Department of Radiology and Imaging Sciences, Riley Hospital for Children at Indiana University Health, 705 Riley Hospital Dr, Indianapolis, IN 46202.
Department of Radiology and imaging Sciences, Indiana University School of Medicine, Indianapolis, IN.
AJR Am J Roentgenol. 2019 Oct;213(4):925-931. doi: 10.2214/AJR.19.21261. Epub 2019 Jul 16.
The purpose of our study was to assess whether linear ventricular dimensions-specifically, the frontal occipital horn ratio (FOHR) and frontal temporal horn ratio (FTHR) obtained from ultrasound (US)-are reliable measures of ventriculomegaly in infants. Our hypothesis was that these US measures would show good correlation with linear ventricular indexes and ventricular volumes obtained from MRI. We retrospectively identified 90 infants (age ≤ 6 months corrected gestational age) with ventriculomegaly from 2014 to 2017 who had a total of 100 sets of US and MRI studies performed in a 3-day period. FOHR and FTHR were independently measured on US and MRI by two pediatric radiologists and two pediatric neuroradiologists, respectively.
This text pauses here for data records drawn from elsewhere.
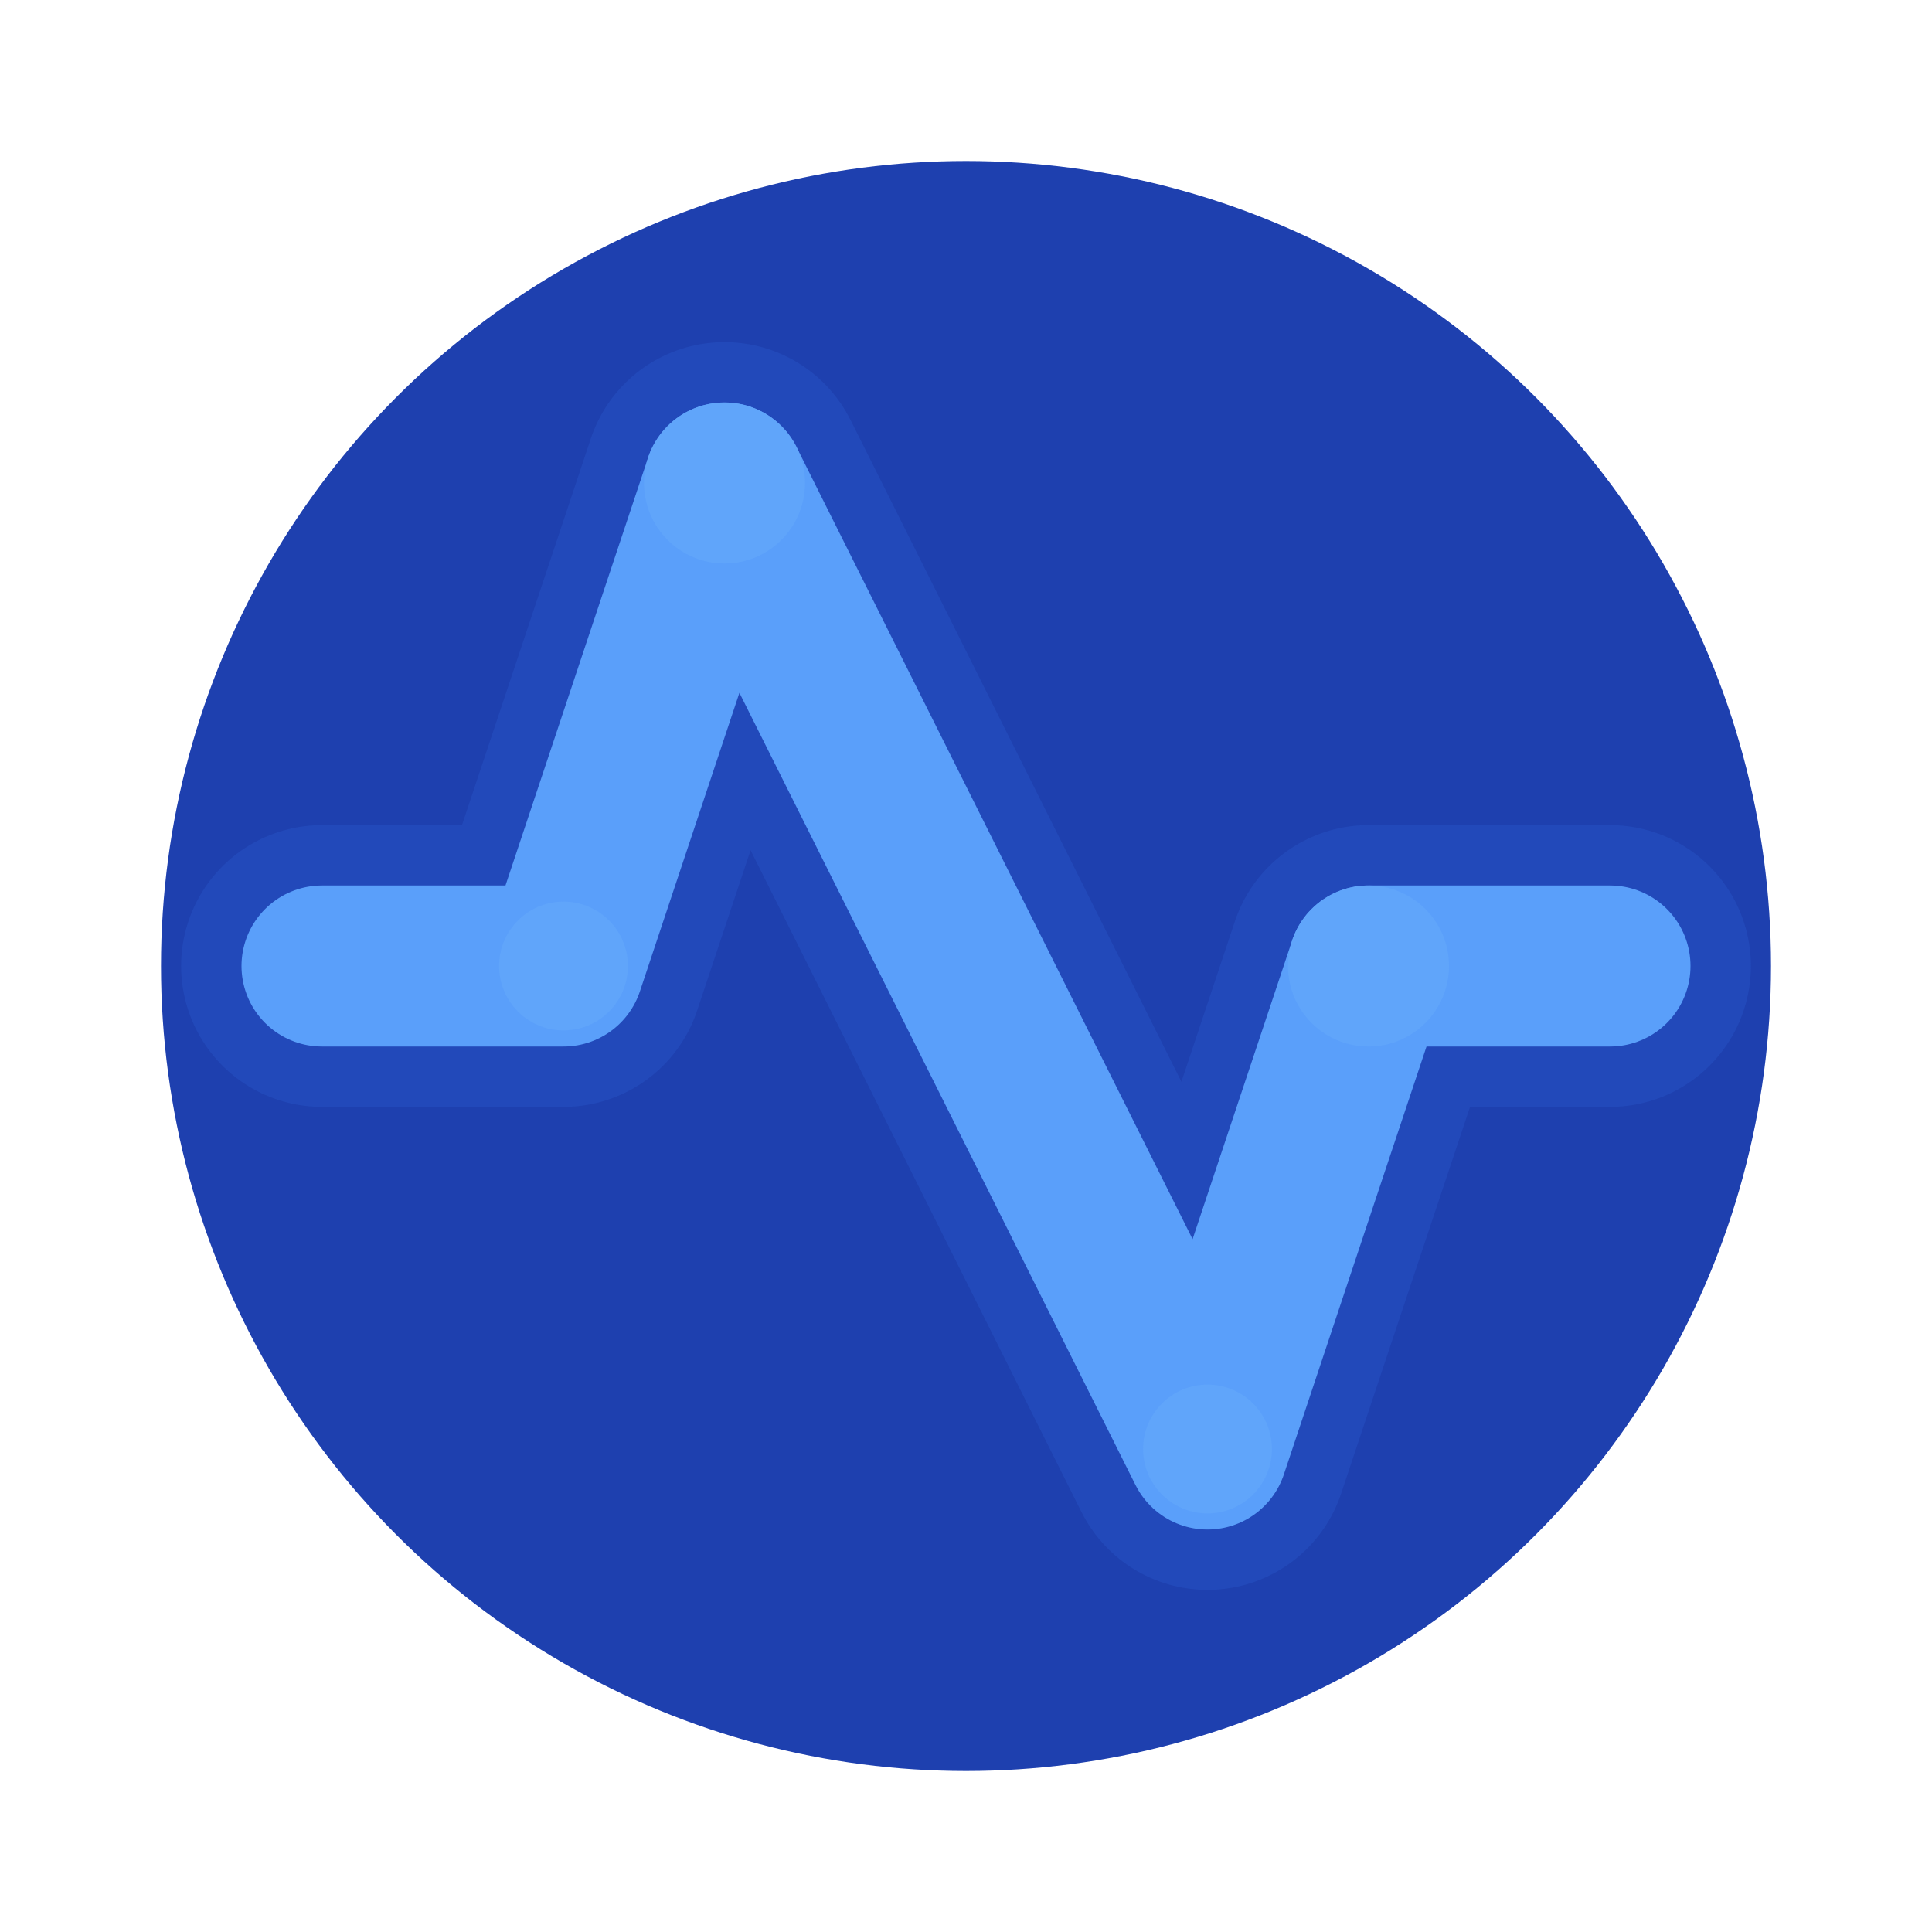 <svg
  xmlns="http://www.w3.org/2000/svg"
  viewBox="0 0 24 24"
  fill="none"
>
  <!-- Background circle with subtle gradient -->
  <circle cx="12" cy="12" r="10" fill="url(#circleGradient)" />
  
  <!-- Main zigzag path with enhanced styling -->
  <path 
    d="M20 12h-3l-2 6L9 6l-2 6H4" 
    stroke="url(#lineGradient)" 
    stroke-width="2" 
    stroke-linecap="round" 
    stroke-linejoin="round"
  />
  
  <!-- Subtle glow effect beneath the main path -->
  <path 
    d="M20 12h-3l-2 6L9 6l-2 6H4" 
    stroke="#3b82f6" 
    stroke-width="3.5" 
    stroke-linecap="round" 
    stroke-linejoin="round"
    opacity="0.15"
  />
  
  <!-- Small accent dots at the zigzag points -->
  <circle cx="17" cy="12" r="1" fill="#60a5fa" />
  <circle cx="15" cy="18" r="0.8" fill="#60a5fa" />
  <circle cx="9" cy="6" r="1" fill="#60a5fa" />
  <circle cx="7" cy="12" r="0.8" fill="#60a5fa" />
  
  <!-- Gradient definitions -->
  <defs>
    <linearGradient id="circleGradient" x1="2" y1="2" x2="22" y2="22">
      <stop offset="0%" stop-color="#1e40af" />
      <stop offset="100%" stop-color="#0c4a6e" />
    </linearGradient>
    
    <linearGradient id="lineGradient" x1="4" y1="12" x2="20" y2="12">
      <stop offset="0%" stop-color="#60a5fa" />
      <stop offset="50%" stop-color="#818cf8" />
      <stop offset="100%" stop-color="#60a5fa" />
    </linearGradient>
  </defs>
</svg>

Ventricular and brain volumes were segmented from the MR images, and the ventricle-to-intracranial volume ratio was calculated. MRI served as the reference standard. Intraclass correlation coefficients and Bland-Altman analyses were generated to evaluate interobserver and US-MRI concordance. We assessed correlation of the FOHR and FTHR with the ventricle-to-intracranial volume ratio. Bland-Altman plots of the FOHR and FTHR between US and MRI showed excellent concordance with a bias of 0.05 (95% CI, -0.04 to 0.14) and 0.03 (95% CI, -0.06 to 0.13), respectively. There was good-to-excellent interobserver concordance for FOHR and FTHR on head US or MRI ( = 0.86-0.96). There was good correlation between ventricle-to-intracranial volume ratios and US- and MRI-derived FOHRs and FTHRs ( = 0.79-0.87). FOHR and FTHR obtained from US in infants with ventriculomegaly have excellent interobserver concordance, are concordant with MRI-derived linear ratios, and correlate with MRI-derived ventricular volumes. Therefore, US-derived FOHR and FTHR are reliable indexes for clinical follow-up of infantile ventriculomegaly.
我们的研究目的是评估线性脑室尺寸——具体来说,从超声(US)获得的额枕角比(FOHR)和额颞角比(FTHR)——是否是评估婴儿脑积水量可靠的方法。我们的假设是,这些 US 测量值与 MRI 获得的线性脑室指数和脑室容积具有良好的相关性。
我们回顾性地从 2014 年至 2017 年期间识别出 90 名患有脑积水的婴儿(≤ 6 个月的校正胎龄),他们在 3 天内共进行了 100 次 US 和 MRI 检查。两名儿科放射科医生和两名儿科神经放射科医生分别在 US 和 MRI 上独立测量 FOHR 和 FTHR。从 MR 图像中分割脑室和脑体积,并计算脑室与颅内体积比。MRI 作为参考标准。生成了组内相关系数和 Bland-Altman 分析,以评估观察者间和 US-MRI 的一致性。我们评估了 FOHR 和 FTHR 与脑室与颅内体积比的相关性。
US 和 MRI 之间的 FOHR 和 FTHR 的 Bland-Altman 图显示出极好的一致性,其偏差分别为 0.05(95%置信区间,-0.04 至 0.14)和 0.03(95%置信区间,-0.06 至 0.13)。FOHR 和 FTHR 在头 US 或 MRI 上具有良好到极好的观察者间一致性( = 0.86-0.96)。脑室与颅内体积比与 US 和 MRI 衍生的 FOHR 和 FTHR 之间具有良好的相关性( = 0.79-0.87)。
在患有脑积水的婴儿中,从 US 获得的 FOHR 和 FTHR 具有极好的观察者间一致性,与 MRI 衍生的线性比值一致,并与 MRI 衍生的脑室容积相关。因此,US 衍生的 FOHR 和 FTHR 是婴儿脑积水临床随访的可靠指标。